[Data excerpts]

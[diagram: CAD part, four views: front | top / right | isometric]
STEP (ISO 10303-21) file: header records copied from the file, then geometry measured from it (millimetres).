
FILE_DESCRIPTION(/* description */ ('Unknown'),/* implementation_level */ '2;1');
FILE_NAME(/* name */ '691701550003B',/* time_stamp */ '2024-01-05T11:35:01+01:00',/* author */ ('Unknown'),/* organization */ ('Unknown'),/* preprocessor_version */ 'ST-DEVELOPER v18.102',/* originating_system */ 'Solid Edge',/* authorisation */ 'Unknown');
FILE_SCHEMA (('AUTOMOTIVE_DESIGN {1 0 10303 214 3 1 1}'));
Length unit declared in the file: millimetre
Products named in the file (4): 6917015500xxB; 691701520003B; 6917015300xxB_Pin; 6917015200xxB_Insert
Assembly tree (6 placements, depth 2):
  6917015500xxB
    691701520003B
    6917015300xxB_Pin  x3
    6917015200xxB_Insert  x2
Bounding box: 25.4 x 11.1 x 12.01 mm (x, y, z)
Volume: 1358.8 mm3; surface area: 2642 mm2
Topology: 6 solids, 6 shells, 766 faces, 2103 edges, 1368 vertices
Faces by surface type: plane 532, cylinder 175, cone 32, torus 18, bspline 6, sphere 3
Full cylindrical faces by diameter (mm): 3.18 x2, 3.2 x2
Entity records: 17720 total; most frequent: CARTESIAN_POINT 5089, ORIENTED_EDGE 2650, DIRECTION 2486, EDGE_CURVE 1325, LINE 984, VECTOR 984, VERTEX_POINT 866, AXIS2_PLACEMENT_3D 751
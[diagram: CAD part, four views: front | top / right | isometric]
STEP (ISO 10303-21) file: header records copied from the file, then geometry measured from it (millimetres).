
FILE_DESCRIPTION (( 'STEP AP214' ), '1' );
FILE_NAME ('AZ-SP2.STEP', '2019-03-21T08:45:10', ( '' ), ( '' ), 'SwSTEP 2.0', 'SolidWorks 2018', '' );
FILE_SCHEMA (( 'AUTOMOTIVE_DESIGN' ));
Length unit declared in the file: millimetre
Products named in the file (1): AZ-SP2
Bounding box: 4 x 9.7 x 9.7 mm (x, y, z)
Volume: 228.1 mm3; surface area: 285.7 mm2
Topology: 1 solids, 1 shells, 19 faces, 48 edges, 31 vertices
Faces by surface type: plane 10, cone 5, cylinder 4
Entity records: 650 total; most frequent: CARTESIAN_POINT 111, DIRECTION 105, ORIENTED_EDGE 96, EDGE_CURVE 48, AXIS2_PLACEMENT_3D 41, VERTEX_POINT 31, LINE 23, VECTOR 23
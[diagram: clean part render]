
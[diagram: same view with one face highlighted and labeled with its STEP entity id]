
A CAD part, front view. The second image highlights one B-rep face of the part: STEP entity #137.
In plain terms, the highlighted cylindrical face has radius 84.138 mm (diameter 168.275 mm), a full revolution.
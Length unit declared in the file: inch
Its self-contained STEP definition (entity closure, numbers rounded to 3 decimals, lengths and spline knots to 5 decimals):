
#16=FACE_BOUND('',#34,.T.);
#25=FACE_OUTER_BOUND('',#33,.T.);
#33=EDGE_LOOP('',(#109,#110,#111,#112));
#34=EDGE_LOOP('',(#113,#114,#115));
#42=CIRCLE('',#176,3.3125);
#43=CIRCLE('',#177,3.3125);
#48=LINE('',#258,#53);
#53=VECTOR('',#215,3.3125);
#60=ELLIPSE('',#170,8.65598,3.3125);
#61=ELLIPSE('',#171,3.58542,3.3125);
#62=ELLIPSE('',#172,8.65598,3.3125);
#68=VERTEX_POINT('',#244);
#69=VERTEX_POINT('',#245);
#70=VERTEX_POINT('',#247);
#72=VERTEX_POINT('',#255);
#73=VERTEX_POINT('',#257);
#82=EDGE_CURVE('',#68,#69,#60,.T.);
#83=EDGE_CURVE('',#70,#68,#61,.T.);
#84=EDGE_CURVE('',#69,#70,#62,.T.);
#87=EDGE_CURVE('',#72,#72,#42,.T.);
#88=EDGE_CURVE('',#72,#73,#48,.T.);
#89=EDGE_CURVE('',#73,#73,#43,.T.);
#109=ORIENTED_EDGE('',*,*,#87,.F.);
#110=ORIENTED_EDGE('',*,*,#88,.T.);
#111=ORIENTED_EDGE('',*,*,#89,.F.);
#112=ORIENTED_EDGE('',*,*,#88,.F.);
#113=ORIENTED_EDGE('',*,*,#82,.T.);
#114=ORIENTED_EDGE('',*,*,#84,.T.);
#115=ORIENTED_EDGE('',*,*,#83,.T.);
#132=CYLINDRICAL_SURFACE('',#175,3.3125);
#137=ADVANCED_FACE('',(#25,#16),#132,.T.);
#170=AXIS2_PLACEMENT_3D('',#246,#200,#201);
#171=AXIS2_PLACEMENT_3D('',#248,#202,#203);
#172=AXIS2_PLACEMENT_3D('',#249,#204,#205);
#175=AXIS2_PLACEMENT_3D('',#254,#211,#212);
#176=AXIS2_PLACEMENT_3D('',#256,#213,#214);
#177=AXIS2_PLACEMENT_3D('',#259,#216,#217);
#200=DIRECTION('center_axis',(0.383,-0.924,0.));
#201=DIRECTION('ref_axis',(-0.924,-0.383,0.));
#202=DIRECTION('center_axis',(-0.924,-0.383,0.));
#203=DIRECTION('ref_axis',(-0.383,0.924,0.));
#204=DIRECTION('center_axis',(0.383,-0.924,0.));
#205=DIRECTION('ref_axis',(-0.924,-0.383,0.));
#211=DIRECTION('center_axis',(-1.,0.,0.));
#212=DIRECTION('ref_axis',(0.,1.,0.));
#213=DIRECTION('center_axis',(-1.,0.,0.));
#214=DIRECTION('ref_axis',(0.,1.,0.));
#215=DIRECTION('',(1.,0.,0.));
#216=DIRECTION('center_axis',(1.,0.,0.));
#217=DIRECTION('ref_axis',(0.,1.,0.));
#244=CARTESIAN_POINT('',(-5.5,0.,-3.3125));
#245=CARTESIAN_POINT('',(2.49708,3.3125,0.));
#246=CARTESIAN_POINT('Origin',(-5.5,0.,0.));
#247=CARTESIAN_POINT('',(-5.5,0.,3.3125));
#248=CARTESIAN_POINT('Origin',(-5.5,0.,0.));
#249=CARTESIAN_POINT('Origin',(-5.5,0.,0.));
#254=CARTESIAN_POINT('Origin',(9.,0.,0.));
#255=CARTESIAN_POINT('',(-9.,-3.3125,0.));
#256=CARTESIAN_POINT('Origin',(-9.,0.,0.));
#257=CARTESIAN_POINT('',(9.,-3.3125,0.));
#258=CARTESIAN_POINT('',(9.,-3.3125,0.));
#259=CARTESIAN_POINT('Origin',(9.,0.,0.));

WHAT IS BEING ASKED: Begin with the line above that has "#170=AXIS2_PLACEMENT_3D('',#246,#200,#201);" and continue through the line that has "#200=DIRECTION('center_axis',(0.383,-0.924,0.));", setting each one down exactly. Stop there.

ANSWER TO THIS TASK:
#170=AXIS2_PLACEMENT_3D('',#246,#200,#201);
#171=AXIS2_PLACEMENT_3D('',#248,#202,#203);
#172=AXIS2_PLACEMENT_3D('',#249,#204,#205);
#175=AXIS2_PLACEMENT_3D('',#254,#211,#212);
#176=AXIS2_PLACEMENT_3D('',#256,#213,#214);
#177=AXIS2_PLACEMENT_3D('',#259,#216,#217);
#200=DIRECTION('center_axis',(0.383,-0.924,0.));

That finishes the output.